3. Inter-query parallelism :
In Inter-query parallelism, there is an execution of multiple
transactions by each CPU. It is called parallel transaction processing. DBMS
uses transaction dispatching to carry inter query parallelism.
In this method, each query is run sequentially, which leads to slowing
down the running of long queries.
In such cases, DBMS must understand the locks held by different
transactions running on different processes. Inter query parallelism on
shared disk architecture performs best when transactions that execute in
parallel do not accept the same data.
Also, it is the easiest form of parallelism in DBMS, and there is an
increased transaction throughput.
4. Intra-operation parallelism :
Intra-operation parallelism is a sort of parallelism in which we parallelize
the execution of each individual operation of a task like sorting, joins,
projections, and so on.

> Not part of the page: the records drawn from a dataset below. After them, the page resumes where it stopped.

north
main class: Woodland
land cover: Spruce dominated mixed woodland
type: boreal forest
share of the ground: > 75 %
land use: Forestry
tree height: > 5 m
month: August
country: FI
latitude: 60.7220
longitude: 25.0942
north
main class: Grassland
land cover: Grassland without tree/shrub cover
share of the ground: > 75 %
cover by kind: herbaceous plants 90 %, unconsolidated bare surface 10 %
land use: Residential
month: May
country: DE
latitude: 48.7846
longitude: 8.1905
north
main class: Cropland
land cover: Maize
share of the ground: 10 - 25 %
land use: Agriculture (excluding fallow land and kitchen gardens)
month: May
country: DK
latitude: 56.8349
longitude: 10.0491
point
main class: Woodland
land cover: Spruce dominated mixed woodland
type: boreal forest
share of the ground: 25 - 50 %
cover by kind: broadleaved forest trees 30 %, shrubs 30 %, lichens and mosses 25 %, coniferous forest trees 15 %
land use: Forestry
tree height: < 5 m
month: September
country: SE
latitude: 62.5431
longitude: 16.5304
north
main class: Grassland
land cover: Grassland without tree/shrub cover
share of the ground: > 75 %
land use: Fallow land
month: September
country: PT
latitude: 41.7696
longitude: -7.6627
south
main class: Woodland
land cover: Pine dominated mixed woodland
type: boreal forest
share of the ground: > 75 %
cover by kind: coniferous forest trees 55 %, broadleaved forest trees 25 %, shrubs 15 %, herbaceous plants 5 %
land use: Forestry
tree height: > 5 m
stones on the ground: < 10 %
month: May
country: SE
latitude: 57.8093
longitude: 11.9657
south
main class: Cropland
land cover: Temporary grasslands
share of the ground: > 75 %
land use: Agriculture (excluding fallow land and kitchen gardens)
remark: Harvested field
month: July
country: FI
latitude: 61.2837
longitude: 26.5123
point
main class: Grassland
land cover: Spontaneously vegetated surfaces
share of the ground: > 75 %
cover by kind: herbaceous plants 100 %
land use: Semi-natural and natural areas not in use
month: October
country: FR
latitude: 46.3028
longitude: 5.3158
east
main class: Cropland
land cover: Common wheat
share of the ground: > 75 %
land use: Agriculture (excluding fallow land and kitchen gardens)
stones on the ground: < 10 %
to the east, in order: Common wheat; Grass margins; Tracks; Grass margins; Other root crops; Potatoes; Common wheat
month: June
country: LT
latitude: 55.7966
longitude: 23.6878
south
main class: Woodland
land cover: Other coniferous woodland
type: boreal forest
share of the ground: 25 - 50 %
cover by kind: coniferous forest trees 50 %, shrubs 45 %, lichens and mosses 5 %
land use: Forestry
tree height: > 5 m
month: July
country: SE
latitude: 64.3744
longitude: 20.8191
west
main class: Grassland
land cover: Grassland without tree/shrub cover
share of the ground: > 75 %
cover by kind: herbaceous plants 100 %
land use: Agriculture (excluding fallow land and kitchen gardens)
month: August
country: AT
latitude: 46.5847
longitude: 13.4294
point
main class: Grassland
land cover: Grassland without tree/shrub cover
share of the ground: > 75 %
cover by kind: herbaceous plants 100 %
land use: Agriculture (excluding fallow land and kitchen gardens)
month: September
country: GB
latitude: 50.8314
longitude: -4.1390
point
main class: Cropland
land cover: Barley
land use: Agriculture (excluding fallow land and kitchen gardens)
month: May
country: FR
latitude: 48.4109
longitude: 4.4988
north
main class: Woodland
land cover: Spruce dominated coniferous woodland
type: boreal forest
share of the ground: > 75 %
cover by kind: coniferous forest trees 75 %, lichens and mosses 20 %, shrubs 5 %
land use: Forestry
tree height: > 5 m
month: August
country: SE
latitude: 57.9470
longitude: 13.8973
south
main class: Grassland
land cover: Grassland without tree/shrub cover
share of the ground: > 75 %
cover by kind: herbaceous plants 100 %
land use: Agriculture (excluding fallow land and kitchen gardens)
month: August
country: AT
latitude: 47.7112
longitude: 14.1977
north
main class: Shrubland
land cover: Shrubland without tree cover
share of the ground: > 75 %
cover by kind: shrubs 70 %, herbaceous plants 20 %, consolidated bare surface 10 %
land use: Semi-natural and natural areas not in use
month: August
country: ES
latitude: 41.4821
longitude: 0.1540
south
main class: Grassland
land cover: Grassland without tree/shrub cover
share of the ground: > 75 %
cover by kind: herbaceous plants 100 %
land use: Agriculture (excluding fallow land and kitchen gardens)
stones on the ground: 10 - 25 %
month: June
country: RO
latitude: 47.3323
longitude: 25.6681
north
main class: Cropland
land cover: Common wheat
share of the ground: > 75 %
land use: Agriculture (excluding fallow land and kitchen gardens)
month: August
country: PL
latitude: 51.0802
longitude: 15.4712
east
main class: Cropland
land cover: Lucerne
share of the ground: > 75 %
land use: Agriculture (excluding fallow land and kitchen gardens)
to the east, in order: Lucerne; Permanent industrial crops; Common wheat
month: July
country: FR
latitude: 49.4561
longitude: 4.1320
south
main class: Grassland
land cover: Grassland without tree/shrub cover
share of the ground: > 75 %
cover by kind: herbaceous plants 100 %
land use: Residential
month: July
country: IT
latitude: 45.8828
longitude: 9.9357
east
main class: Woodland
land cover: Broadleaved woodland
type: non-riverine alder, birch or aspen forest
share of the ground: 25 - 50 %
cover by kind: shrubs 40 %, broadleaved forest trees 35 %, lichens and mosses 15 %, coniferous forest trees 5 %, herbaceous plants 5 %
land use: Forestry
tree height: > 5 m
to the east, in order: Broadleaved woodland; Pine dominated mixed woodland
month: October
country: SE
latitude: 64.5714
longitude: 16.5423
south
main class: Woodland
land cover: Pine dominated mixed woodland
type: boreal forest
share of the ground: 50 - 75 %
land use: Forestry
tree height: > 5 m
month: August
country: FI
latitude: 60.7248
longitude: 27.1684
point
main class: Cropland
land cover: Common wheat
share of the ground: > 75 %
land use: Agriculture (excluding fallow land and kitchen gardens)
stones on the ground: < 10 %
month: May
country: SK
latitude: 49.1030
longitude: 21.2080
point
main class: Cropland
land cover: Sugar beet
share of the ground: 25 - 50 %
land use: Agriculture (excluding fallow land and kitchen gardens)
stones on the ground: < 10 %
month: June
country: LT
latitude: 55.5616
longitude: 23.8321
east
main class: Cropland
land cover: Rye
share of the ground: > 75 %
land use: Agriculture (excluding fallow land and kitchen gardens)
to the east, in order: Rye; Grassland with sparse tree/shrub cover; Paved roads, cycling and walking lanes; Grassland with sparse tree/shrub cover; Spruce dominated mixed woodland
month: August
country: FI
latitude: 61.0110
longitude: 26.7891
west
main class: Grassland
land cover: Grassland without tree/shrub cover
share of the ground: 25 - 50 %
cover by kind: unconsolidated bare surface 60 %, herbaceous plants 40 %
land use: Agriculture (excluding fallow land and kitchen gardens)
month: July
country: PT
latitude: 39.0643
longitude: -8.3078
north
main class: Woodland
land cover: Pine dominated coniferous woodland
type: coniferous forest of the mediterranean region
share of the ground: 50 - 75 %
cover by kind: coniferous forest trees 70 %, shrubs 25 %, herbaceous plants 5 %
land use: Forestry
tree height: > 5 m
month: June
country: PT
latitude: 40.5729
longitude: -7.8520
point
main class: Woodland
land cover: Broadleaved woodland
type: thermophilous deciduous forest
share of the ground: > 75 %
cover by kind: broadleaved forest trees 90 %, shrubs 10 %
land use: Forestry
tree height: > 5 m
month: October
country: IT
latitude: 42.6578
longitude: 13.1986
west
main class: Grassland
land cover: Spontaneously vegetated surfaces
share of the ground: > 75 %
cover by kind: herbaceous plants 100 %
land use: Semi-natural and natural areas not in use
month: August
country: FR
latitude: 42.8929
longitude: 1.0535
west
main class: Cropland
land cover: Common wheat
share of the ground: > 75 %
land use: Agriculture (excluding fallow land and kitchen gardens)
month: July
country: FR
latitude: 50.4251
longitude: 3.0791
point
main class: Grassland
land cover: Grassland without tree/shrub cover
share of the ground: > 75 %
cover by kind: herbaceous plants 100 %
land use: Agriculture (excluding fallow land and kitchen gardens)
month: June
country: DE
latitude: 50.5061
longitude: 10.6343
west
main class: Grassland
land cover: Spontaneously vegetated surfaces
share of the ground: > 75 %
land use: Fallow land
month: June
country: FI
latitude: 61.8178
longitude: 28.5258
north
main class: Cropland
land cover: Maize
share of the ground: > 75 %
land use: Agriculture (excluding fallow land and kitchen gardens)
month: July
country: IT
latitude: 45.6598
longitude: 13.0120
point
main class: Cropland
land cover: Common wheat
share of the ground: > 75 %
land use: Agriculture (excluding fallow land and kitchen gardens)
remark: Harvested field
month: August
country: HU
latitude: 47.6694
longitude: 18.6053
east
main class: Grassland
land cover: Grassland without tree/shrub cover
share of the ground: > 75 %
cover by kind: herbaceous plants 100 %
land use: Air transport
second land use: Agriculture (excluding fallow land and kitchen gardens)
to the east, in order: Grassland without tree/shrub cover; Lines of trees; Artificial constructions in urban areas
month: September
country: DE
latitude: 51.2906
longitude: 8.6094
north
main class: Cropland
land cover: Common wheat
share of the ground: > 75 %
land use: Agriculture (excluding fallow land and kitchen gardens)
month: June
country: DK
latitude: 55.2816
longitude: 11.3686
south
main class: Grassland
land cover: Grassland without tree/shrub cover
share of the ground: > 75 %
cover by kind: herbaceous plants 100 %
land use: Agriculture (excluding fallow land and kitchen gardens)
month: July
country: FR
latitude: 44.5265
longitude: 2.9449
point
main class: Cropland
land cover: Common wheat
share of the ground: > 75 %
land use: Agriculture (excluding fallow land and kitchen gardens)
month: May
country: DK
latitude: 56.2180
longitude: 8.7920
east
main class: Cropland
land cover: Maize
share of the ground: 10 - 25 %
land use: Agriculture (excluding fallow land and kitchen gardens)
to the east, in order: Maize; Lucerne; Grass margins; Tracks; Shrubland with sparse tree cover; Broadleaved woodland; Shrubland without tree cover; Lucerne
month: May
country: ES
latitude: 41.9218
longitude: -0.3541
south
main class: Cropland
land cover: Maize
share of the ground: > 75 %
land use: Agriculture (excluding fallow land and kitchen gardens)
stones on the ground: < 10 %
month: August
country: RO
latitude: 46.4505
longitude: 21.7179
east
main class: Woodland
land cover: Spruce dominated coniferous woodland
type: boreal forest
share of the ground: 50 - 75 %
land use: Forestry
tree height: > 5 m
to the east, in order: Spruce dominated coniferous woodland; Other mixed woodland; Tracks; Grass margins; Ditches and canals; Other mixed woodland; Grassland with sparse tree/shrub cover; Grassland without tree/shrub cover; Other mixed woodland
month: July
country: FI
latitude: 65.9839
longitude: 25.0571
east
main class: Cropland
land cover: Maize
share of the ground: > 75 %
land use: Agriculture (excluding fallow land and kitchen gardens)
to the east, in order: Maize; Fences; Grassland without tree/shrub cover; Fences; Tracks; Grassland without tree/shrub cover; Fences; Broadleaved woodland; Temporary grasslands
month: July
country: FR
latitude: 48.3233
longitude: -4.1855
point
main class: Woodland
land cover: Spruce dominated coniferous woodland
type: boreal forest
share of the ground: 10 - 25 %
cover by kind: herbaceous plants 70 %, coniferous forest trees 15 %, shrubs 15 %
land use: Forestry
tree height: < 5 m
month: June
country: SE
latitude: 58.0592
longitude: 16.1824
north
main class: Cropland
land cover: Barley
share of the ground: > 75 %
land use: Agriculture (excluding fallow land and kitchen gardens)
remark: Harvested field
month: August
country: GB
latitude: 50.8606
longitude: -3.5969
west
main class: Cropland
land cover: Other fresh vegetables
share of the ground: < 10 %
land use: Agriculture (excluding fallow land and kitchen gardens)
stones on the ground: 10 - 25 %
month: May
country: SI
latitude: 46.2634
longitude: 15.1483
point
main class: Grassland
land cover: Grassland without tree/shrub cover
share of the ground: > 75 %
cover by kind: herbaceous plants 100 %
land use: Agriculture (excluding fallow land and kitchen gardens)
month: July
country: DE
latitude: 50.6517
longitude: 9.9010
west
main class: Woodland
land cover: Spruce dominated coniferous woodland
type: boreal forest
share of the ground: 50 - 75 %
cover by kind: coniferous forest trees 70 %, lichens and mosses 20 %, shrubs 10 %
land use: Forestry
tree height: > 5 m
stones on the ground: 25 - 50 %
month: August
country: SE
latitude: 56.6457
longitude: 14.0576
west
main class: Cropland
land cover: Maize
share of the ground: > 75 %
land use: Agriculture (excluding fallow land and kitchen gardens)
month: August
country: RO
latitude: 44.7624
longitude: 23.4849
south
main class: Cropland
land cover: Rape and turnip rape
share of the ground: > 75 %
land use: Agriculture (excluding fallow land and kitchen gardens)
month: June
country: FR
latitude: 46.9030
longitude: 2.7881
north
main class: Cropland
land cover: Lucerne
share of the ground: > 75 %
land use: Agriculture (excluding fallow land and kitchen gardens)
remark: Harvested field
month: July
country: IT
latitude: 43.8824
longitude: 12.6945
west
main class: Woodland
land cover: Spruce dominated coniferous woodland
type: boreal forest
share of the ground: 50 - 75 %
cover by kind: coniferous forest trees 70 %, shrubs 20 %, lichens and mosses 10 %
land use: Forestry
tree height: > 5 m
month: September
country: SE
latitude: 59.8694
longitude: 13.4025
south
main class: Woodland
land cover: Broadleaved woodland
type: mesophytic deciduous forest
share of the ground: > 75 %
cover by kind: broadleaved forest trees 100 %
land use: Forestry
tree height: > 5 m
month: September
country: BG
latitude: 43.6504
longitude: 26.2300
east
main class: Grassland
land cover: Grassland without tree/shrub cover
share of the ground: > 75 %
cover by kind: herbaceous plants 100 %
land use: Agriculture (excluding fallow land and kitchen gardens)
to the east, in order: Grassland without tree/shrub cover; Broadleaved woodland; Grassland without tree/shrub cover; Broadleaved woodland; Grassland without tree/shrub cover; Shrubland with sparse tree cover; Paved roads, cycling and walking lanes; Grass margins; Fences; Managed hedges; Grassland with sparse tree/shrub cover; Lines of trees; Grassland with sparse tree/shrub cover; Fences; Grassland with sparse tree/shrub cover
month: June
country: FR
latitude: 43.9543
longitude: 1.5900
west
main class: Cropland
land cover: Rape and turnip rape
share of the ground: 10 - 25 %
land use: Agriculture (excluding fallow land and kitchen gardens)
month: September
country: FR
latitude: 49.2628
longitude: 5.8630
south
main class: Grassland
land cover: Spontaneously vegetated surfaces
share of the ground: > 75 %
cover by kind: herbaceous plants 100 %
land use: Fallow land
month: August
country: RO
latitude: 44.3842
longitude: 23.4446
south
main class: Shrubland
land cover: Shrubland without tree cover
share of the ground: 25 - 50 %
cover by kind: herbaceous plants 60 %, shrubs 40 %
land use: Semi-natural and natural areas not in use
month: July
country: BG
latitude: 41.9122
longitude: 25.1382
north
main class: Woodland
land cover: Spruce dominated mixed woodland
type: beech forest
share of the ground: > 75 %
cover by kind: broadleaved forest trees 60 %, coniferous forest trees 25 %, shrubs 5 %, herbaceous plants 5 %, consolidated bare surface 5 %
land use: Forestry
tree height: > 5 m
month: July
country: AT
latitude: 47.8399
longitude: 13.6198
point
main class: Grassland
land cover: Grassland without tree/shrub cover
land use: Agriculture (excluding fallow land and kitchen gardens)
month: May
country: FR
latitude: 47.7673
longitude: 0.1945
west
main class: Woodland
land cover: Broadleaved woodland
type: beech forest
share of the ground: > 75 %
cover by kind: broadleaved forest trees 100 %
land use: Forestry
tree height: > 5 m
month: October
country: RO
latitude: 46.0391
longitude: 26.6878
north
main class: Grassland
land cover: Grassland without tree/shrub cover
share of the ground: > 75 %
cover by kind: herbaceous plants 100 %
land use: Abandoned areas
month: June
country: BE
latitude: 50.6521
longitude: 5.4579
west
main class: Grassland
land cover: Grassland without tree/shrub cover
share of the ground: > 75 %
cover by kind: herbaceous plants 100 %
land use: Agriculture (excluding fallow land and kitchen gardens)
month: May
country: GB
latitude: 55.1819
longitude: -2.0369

The level of parallelism is very high in intra-
operation parallelism. This type of parallelism is natural in database
systems. Let’s take an SQL query example:
SELECT * FROM Vehicles ORDER BY Model_Number;
In the above query, the relational operation is sorting and since a relation can
have a large number of records in it, the operation can be performed on
different subsets of the relation in multiple processors, which reduces the
time required to sort the data.
5. Inter-operation parallelism :
When different operations in a query expression are executed in parallel,
then it is called inter-operation parallelism. They are of two types –
• Pipelined parallelism –
In pipeline parallelism, the output row of one operation is
consumed by the second operation even before the first operation
. It is useful for the small number of CPUs and avoids writing of
intermediate results to disk.
• Independent parallelism –
In this parallelism, the operations in query expressions that are not
dependent on each other can be executed in parallel. This parallelism is
very useful in the case of the lower degree of parallelism.